On Sun, 25 Jan 2015, Bruce Evans wrote:
Negative ids have historical abuses in places like mountd. mountd still hard-codes -2 and -2 for the default uid and gid of an unprivileged user. It at least casts these values to uid_t and gid_t before using them. This gives the ids the non-random values of UINT32_MAX-1 if uid_t and gid_t are uint32_t. (If uid_t and gid_t were signed, then it would leave the values as negative, so invalid.) These magic values may work better than when ids were 16 bits, since there is less risk of them conflicting with a normal id. However, the non-conflict is probably a bug. FreeBSD uses the magic ids of 65534 for user nobody: group nobody. These would have been (id_t)-2 with 16-bit ids. They no longer match, so ls displays (id_t)-2 numerically. FreeBSD also has a group nogroup = 65553 that doesn't match the nfs usage. However2, in FreeBSD-1 wher ids were 16-bits, nobody was 32767 and nogroup was 32766. so they didn't match nfs for other reasons. The 2 non-groups now seem to be just a bug -- FreeBSD-1 didn't have group nobody. 4.4BSD-Lite2 has the same values as FreeBSD-1.

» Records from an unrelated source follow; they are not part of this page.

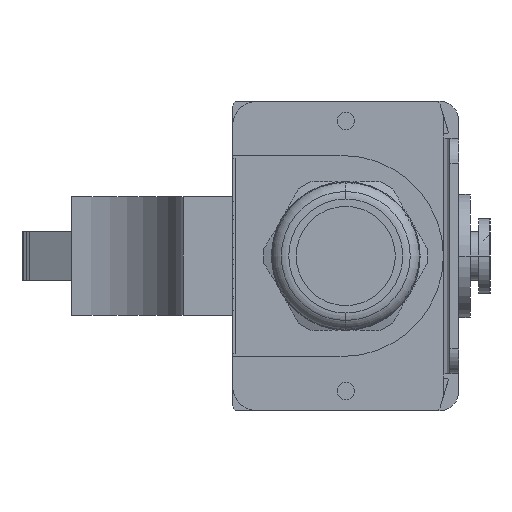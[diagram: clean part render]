
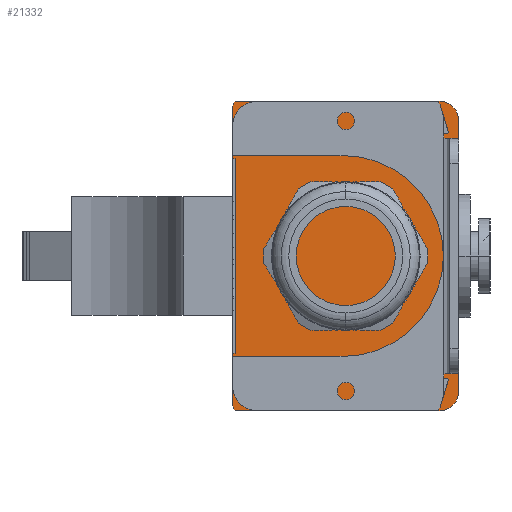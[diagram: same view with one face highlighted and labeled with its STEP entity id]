
A CAD part, left-side view. The second image highlights one B-rep face of the part: STEP entity #21332.
In plain terms, the highlighted planar face has unit normal (-1, 0, 0).
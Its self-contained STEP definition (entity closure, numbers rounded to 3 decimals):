
#1=DIRECTION('',(0.,-1.,0.));
#2=VECTOR('',#1,40.6);
#3=CARTESIAN_POINT('',(0.,44.6,31.25));
#4=LINE('',#3,#2);
#5=CARTESIAN_POINT('',(0.,4.,27.25));
#6=DIRECTION('',(1.,0.,0.));
#7=DIRECTION('',(0.,0.,1.));
#8=AXIS2_PLACEMENT_3D('',#5,#6,#7);
#10=DIRECTION('',(0.,0.,-1.));
#11=VECTOR('',#10,54.5);
#12=CARTESIAN_POINT('',(0.,0.,27.25));
#13=LINE('',#12,#11);
#14=CARTESIAN_POINT('',(0.,4.,-27.25));
#15=DIRECTION('',(1.,0.,0.));
#16=DIRECTION('',(0.,-1.,0.));
#17=AXIS2_PLACEMENT_3D('',#14,#15,#16);
#19=DIRECTION('',(0.,1.,0.));
#20=VECTOR('',#19,40.6);
#21=CARTESIAN_POINT('',(0.,4.,-31.25));
#22=LINE('',#21,#20);
#23=DIRECTION('',(0.,0.,1.));
#24=VECTOR('',#23,10.6);
#25=CARTESIAN_POINT('',(0.,45.6,-30.25));
#26=LINE('',#25,#24);
#27=DIRECTION('',(0.,-1.,0.));
#28=VECTOR('',#27,0.5);
#29=CARTESIAN_POINT('',(0.,45.6,-19.65));
#30=LINE('',#29,#28);
#31=DIRECTION('',(0.,0.,-1.));
#32=VECTOR('',#31,39.3);
#33=CARTESIAN_POINT('',(0.,45.1,19.65));
#34=LINE('',#33,#32);
#35=DIRECTION('',(0.,-1.,0.));
#36=VECTOR('',#35,0.5);
#37=CARTESIAN_POINT('',(0.,45.6,19.65));
#38=LINE('',#37,#36);
#39=DIRECTION('',(0.,0.,1.));
#40=VECTOR('',#39,10.6);
#41=CARTESIAN_POINT('',(0.,45.6,19.65));
#42=LINE('',#41,#40);
#56=CARTESIAN_POINT('',(0.,44.6,30.25));
#57=DIRECTION('',(-1.,0.,0.));
#58=DIRECTION('',(0.,0.,1.));
#59=AXIS2_PLACEMENT_3D('',#56,#57,#58);
#15856=CARTESIAN_POINT('',(0.,44.6,-30.25));
#15857=DIRECTION('',(-1.,0.,0.));
#15858=DIRECTION('',(0.,1.,0.));
#15859=AXIS2_PLACEMENT_3D('',#15856,#15857,#15858);
#16301=CARTESIAN_POINT('',(0.,4.,31.25));
#16302=CARTESIAN_POINT('',(0.,0.,27.25));
#16303=VERTEX_POINT('',#16301);
#16304=VERTEX_POINT('',#16302);
#16305=CARTESIAN_POINT('',(0.,0.,-27.25));
#16306=VERTEX_POINT('',#16305);
#16307=CARTESIAN_POINT('',(0.,4.,-31.25));
#16308=VERTEX_POINT('',#16307);
#16321=CARTESIAN_POINT('',(0.,45.1,19.65));
#16322=CARTESIAN_POINT('',(0.,45.1,-19.65));
#16323=VERTEX_POINT('',#16321);
#16324=VERTEX_POINT('',#16322);
#16325=CARTESIAN_POINT('',(0.,45.6,19.65));
#16326=VERTEX_POINT('',#16325);
#16327=CARTESIAN_POINT('',(0.,45.6,-19.65));
#16328=VERTEX_POINT('',#16327);
#17142=CARTESIAN_POINT('',(0.,45.6,30.25));
#17144=VERTEX_POINT('',#17142);
#17147=CARTESIAN_POINT('',(0.,44.6,31.25));
#17148=VERTEX_POINT('',#17147);
#17150=CARTESIAN_POINT('',(0.,44.6,-31.25));
#17152=VERTEX_POINT('',#17150);
#17155=CARTESIAN_POINT('',(0.,45.6,-30.25));
#17156=VERTEX_POINT('',#17155);
#21301=CARTESIAN_POINT('',(0.,0.,0.));
#21302=DIRECTION('',(1.,0.,0.));
#21303=DIRECTION('',(0.,0.,-1.));
#21304=AXIS2_PLACEMENT_3D('',#21301,#21302,#21303);
#21305=PLANE('',#21304);
#21307=ORIENTED_EDGE('',*,*,#21306,.F.);
#21309=ORIENTED_EDGE('',*,*,#21308,.T.);
#21311=ORIENTED_EDGE('',*,*,#21310,.T.);
#21313=ORIENTED_EDGE('',*,*,#21312,.T.);
#21315=ORIENTED_EDGE('',*,*,#21314,.T.);
#21317=ORIENTED_EDGE('',*,*,#21316,.T.);
#21319=ORIENTED_EDGE('',*,*,#21318,.F.);
#21321=ORIENTED_EDGE('',*,*,#21320,.T.);
#21323=ORIENTED_EDGE('',*,*,#21322,.T.);
#21325=ORIENTED_EDGE('',*,*,#21324,.F.);
#21327=ORIENTED_EDGE('',*,*,#21326,.F.);
#21329=ORIENTED_EDGE('',*,*,#21328,.T.);
#21330=EDGE_LOOP('',(#21307,#21309,#21311,#21313,#21315,#21317,#21319,#21321,
#21323,#21325,#21327,#21329));
#21331=FACE_OUTER_BOUND('',#21330,.F.);
#21332=ADVANCED_FACE('',(#21331),#21305,.F.);
#9=CIRCLE('',#8,4.);
#18=CIRCLE('',#17,4.);
#60=CIRCLE('',#59,1.);
#15860=CIRCLE('',#15859,1.);
#21306=EDGE_CURVE('',#17148,#17144,#60,.T.);
#21308=EDGE_CURVE('',#17148,#16303,#4,.T.);
#21310=EDGE_CURVE('',#16303,#16304,#9,.T.);
#21312=EDGE_CURVE('',#16304,#16306,#13,.T.);
#21314=EDGE_CURVE('',#16306,#16308,#18,.T.);
#21316=EDGE_CURVE('',#16308,#17152,#22,.T.);
#21318=EDGE_CURVE('',#17156,#17152,#15860,.T.);
#21320=EDGE_CURVE('',#17156,#16328,#26,.T.);
#21322=EDGE_CURVE('',#16328,#16324,#30,.T.);
#21324=EDGE_CURVE('',#16323,#16324,#34,.T.);
#21326=EDGE_CURVE('',#16326,#16323,#38,.T.);
#21328=EDGE_CURVE('',#16326,#17144,#42,.T.);
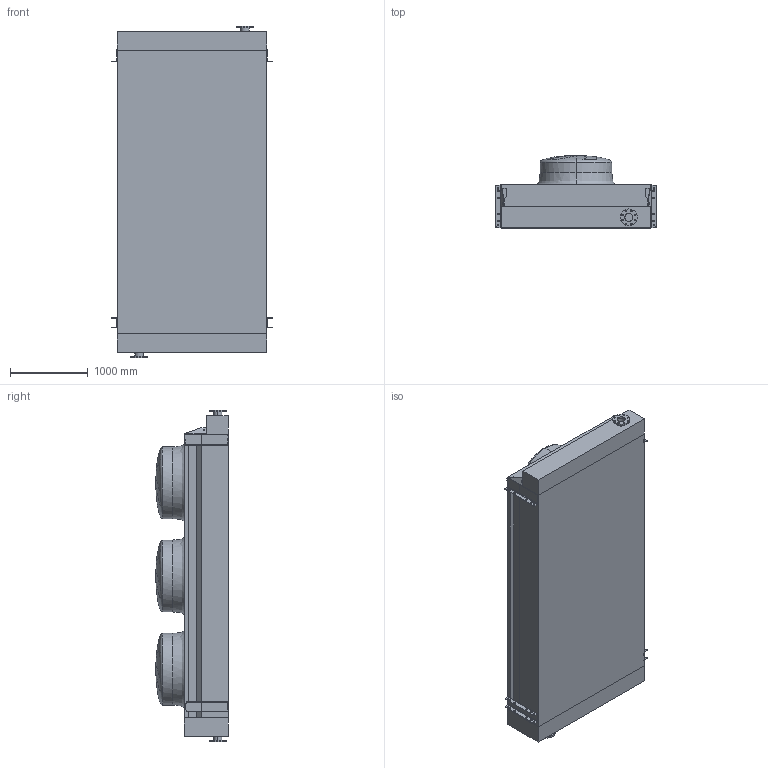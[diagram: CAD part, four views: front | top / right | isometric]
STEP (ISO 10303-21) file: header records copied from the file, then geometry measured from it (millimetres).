
FILE_DESCRIPTION (( 'STEP AP203' ), '1' );
FILE_NAME ('BOL_03M-I.step', '2022-05-05T13:22:56', ( '' ), ( '' ), 'SwSTEP 2.0', 'SolidWorks 2019', '' );
FILE_SCHEMA (( 'CONFIG_CONTROL_DESIGN' ));
Length unit declared in the file: millimetre
Products named in the file (1): BOL_03M-I
Bounding box: 2060 x 930 x 4270 mm (x, y, z)
Volume: 4978618103.3 mm3; surface area: 30106384.4 mm2
Topology: 7 solids, 7 shells, 367 faces, 1047 edges, 709 vertices
Faces by surface type: cylinder 186, plane 142, bspline 39
Entity records: 16446 total; most frequent: CARTESIAN_POINT 6525, ORIENTED_EDGE 2082, DIRECTION 2008, EDGE_CURVE 1041, AXIS2_PLACEMENT_3D 733, VERTEX_POINT 709, VECTOR 542, LINE 542

I'm sure it goes without saying, but for those that don't know (i.e., some subset of people who are not Bruce):
(-1) has a defined value both for our system-call interface (chown(2), fchown(2), etc, use (-1) to indicate that no change is requested).
This is also used inside the kernel to similar end, where VNOVAL also takes on a value of (-1).
This problem also used to exist in NFS, where in NFSv2, (-1) was also used to indicate which fields not to update, but this was fixed in NFSv3 by introducing discriminated unions.
I personally find myself a fan of fixing (eliminating) VNOVAL, but in the end it would likely just be disruptive and confusing.